MATERIAL TO PROCESS →
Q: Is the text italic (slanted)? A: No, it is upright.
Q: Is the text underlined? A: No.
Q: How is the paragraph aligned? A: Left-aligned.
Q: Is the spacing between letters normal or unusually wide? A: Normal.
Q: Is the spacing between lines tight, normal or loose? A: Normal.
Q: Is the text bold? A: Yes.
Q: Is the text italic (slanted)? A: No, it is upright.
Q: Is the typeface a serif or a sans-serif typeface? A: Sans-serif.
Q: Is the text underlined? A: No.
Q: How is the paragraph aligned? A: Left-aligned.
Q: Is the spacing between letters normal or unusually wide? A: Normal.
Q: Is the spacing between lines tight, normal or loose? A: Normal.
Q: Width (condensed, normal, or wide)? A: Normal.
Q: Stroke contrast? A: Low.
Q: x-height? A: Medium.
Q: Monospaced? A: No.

==

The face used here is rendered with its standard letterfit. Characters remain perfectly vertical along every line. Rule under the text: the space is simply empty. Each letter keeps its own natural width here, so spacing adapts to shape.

ACTION ITEM →
Set down precisely the lines above between the line holding "Q: Is the text bold? A: Yes." and the line holding "Q: Monospaced? A: No.", inclusive, and nothing beyond them.

ANSWER BELOW →
Q: Is the text bold? A: Yes.
Q: Is the text italic (slanted)? A: No, it is upright.
Q: Is the typeface a serif or a sans-serif typeface? A: Sans-serif.
Q: Is the text underlined? A: No.
Q: How is the paragraph aligned? A: Left-aligned.
Q: Is the spacing between letters normal or unusually wide? A: Normal.
Q: Is the spacing between lines tight, normal or loose? A: Normal.
Q: Width (condensed, normal, or wide)? A: Normal.
Q: Stroke contrast? A: Low.
Q: x-height? A: Medium.
Q: Monospaced? A: No.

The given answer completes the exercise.